__Work item__
I would like every line of the records below that contains the word "with" copied.

__Provided information__

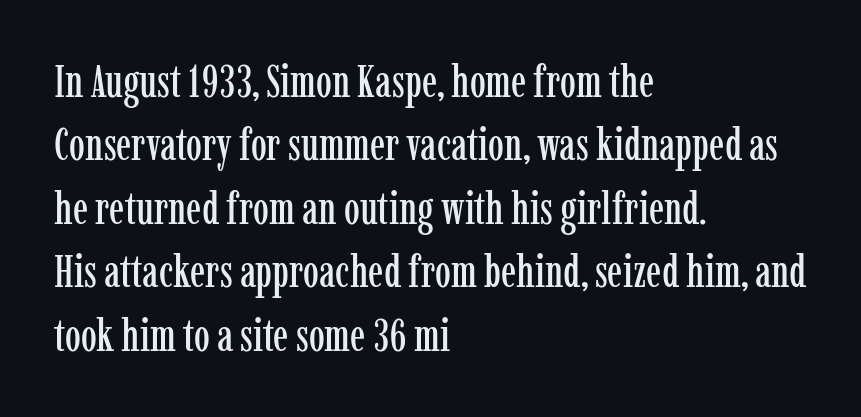
The image shows 45 px condensed serif type, upright; set left-aligned, normal line spacing (1.41x), normal letter spacing, not underlined; low stroke contrast and a medium x-height.
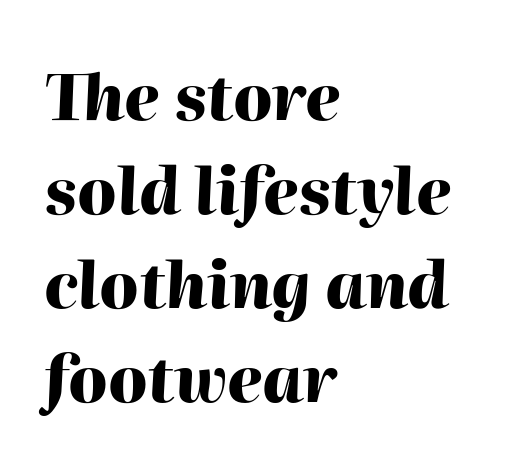
Look at the tracking — it's just the regular setting, nothing added. A dark, heavy texture on the line: the type is bold. This sample has the flowing, uneven cadence of proportional lettering. Vertically, the passage feels balanced, rows spaced as you'd expect.
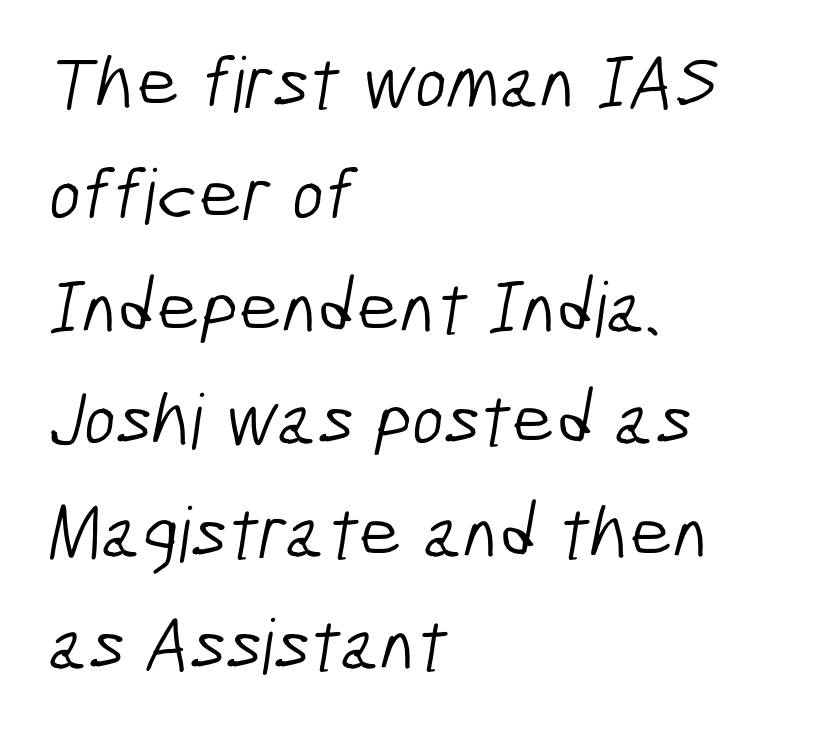
Q: Is the text bold? A: No.
Q: Is the typeface a serif or a sans-serif typeface? A: Sans-serif.
Q: Is the text underlined? A: No.
Q: How is the paragraph aligned? A: Left-aligned.
Q: Is the spacing between letters normal or unusually wide? A: Normal.
Q: Is the spacing between lines tight, normal or loose? A: Normal.
Q: Width (condensed, normal, or wide)? A: Condensed.
Q: Stroke contrast? A: Low.
Q: x-height? A: Medium.
Q: Monospaced? A: No.
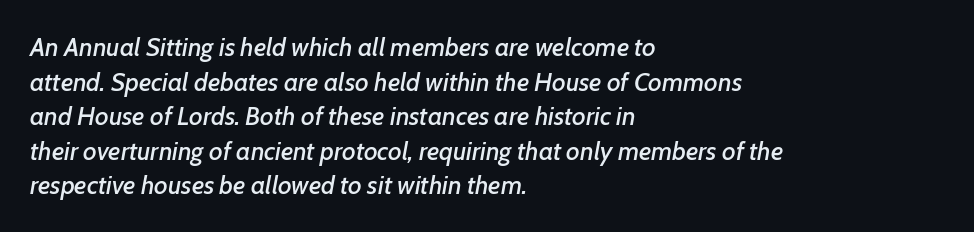
{"italic": "yes", "lean": "right", "slant_degrees": 7, "underline": "no", "align": "left", "line_spacing": "normal", "line_spacing_ratio": 1.33, "letter_spacing": "normal", "letter_spacing_em": 0.0, "glyph_px": 26}
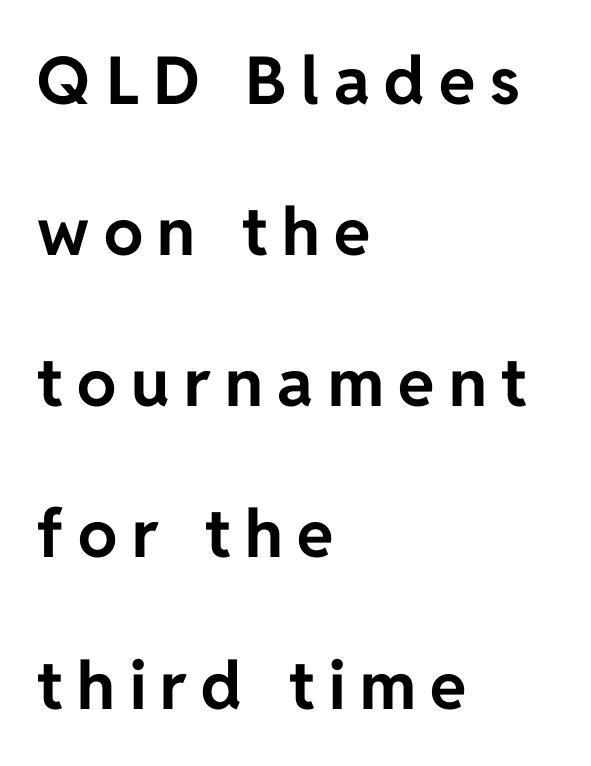
Q: Is the text bold? A: Yes.
Q: Is the text italic (slanted)? A: No, it is upright.
Q: Is the typeface a serif or a sans-serif typeface? A: Sans-serif.
Q: Is the text underlined? A: No.
Q: How is the paragraph aligned? A: Left-aligned.
Q: Is the spacing between letters normal or unusually wide? A: Unusually wide.
Q: Is the spacing between lines tight, normal or loose? A: Loose.
Q: Width (condensed, normal, or wide)? A: Normal.
Q: Stroke contrast? A: Low.
Q: x-height? A: Medium.
Q: Monospaced? A: No.
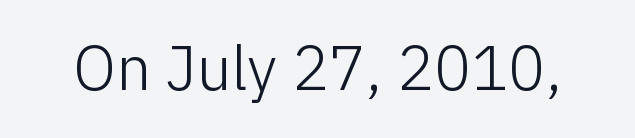
Q: Is the text bold? A: No.
Q: Is the text italic (slanted)? A: No, it is upright.
Q: Is the typeface a serif or a sans-serif typeface? A: Sans-serif.
Q: Is the text underlined? A: No.
Q: Is the spacing between letters normal or unusually wide? A: Normal.
Q: Width (condensed, normal, or wide)? A: Normal.
Q: Stroke contrast? A: Low.
Q: x-height? A: Medium.
Q: Monospaced? A: No.
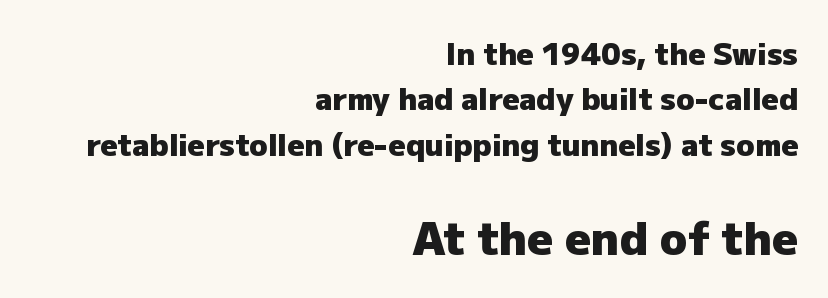
Upright lettering throughout. Examine the stroke ends and you'll find no serifs. The setting favours the right margin, as signatures and pull-quotes sometimes do. The rendering keeps characters at their native spacing. In terms of weight, the rendering is a true, heavy bold. Letters rest on an invisible, unmarked baseline.
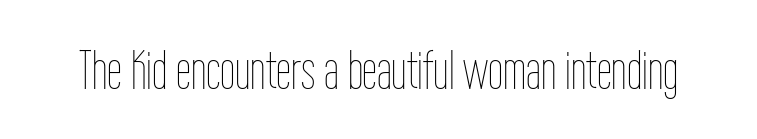
Default kerning and tracking; the words read as compact shapes. This sample uses an upright cut, with every glyph sitting square on the baseline. On a weight scale, this lands at 450 or below. Note the varied advance widths — an 'i' is clearly narrower than an 'm'. Has an underline been added? It has not.
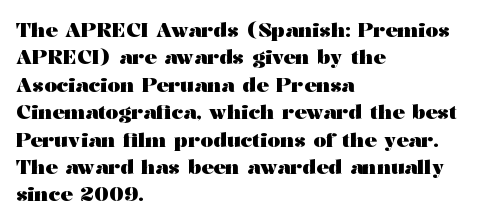
{"italic": "no", "bold": "yes", "underline": "no", "align": "left", "line_spacing": "normal", "line_spacing_ratio": 1.37, "letter_spacing": "normal", "letter_spacing_em": 0.0, "glyph_px": 20}
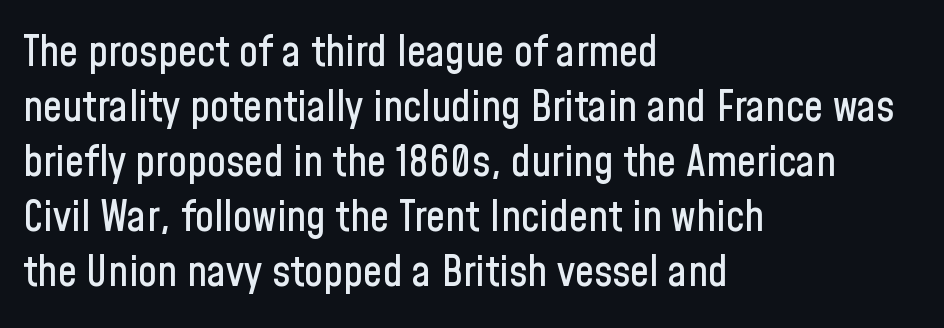
Proportional: the letters do not fall into vertical columns. Baseline-to-baseline distance is the conventional proportion of letter height. Each line starts at the same left margin while the right side varies. Short note: letters normally spaced. The letters stand upright; this is a roman face.
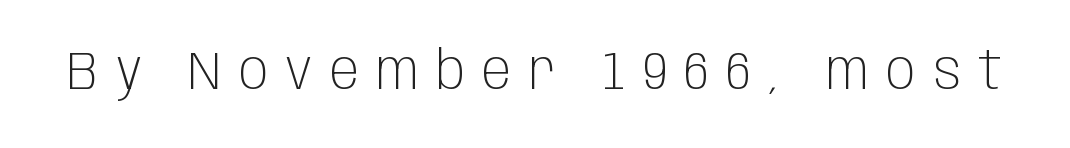
The image shows 54 px light, condensed sans-serif type, upright; set unusually wide letter spacing (+0.32 em), not underlined; low stroke contrast and a large x-height.
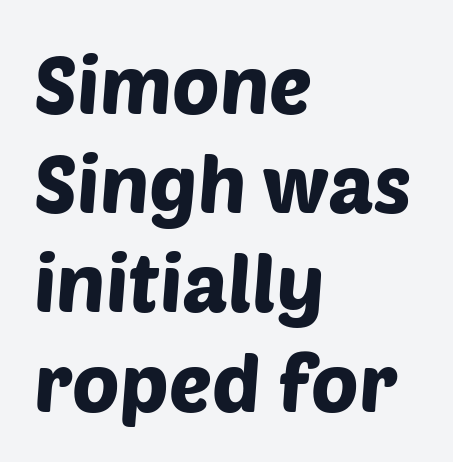
{"serif": "no", "width": "normal", "stroke_contrast": "low", "x_height": "large", "monospaced": "no", "underline": "no", "align": "left", "line_spacing_ratio": 1.24, "letter_spacing": "normal", "letter_spacing_em": 0.0, "glyph_px": 80}
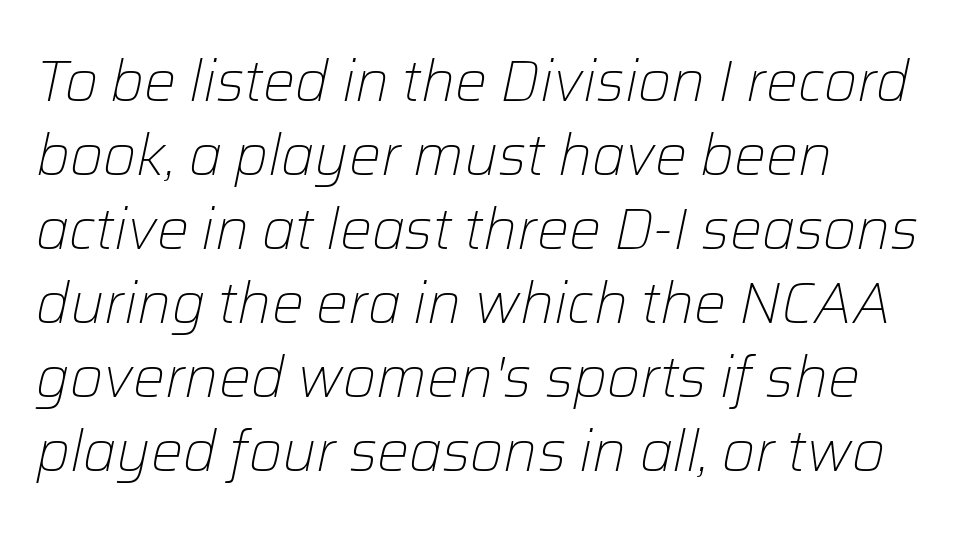
The area under the type is left untouched. Vertically, the passage feels balanced, rows spaced as you'd expect. In CSS terms this would be text-align: left. Proportional: the letters do not fall into vertical columns. How are the letters spaced? Ordinarily, with no added tracking. Style check: oblique.
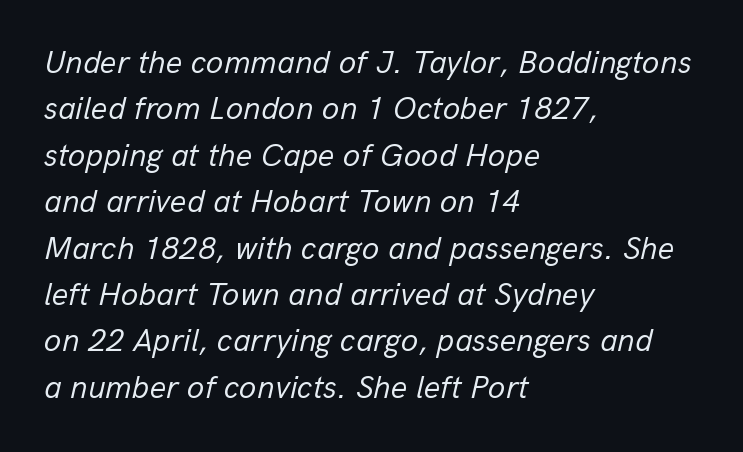
Q: Is the text bold? A: No.
Q: Is the text italic (slanted)? A: Yes, it leans right by about 13 degrees.
Q: Is the text underlined? A: No.
Q: How is the paragraph aligned? A: Left-aligned.
Q: Is the spacing between letters normal or unusually wide? A: Normal.
Q: Is the spacing between lines tight, normal or loose? A: Normal.
Q: Width (condensed, normal, or wide)? A: Normal.
Q: Stroke contrast? A: Low.
Q: x-height? A: Medium.
Q: Monospaced? A: No.

__Response area__
Default kerning and tracking; the words read as compact shapes. This sample uses an upright cut, with every glyph sitting square on the baseline. On a weight scale, this lands at 450 or below. Note the varied advance widths — an 'i' is clearly narrower than an 'm'. Has an underline been added? It has not.
The area under the type is left untouched. Vertically, the passage feels balanced, rows spaced as you'd expect. In CSS terms this would be text-align: left. Proportional: the letters do not fall into vertical columns. How are the letters spaced? Ordinarily, with no added tracking. Style check: oblique.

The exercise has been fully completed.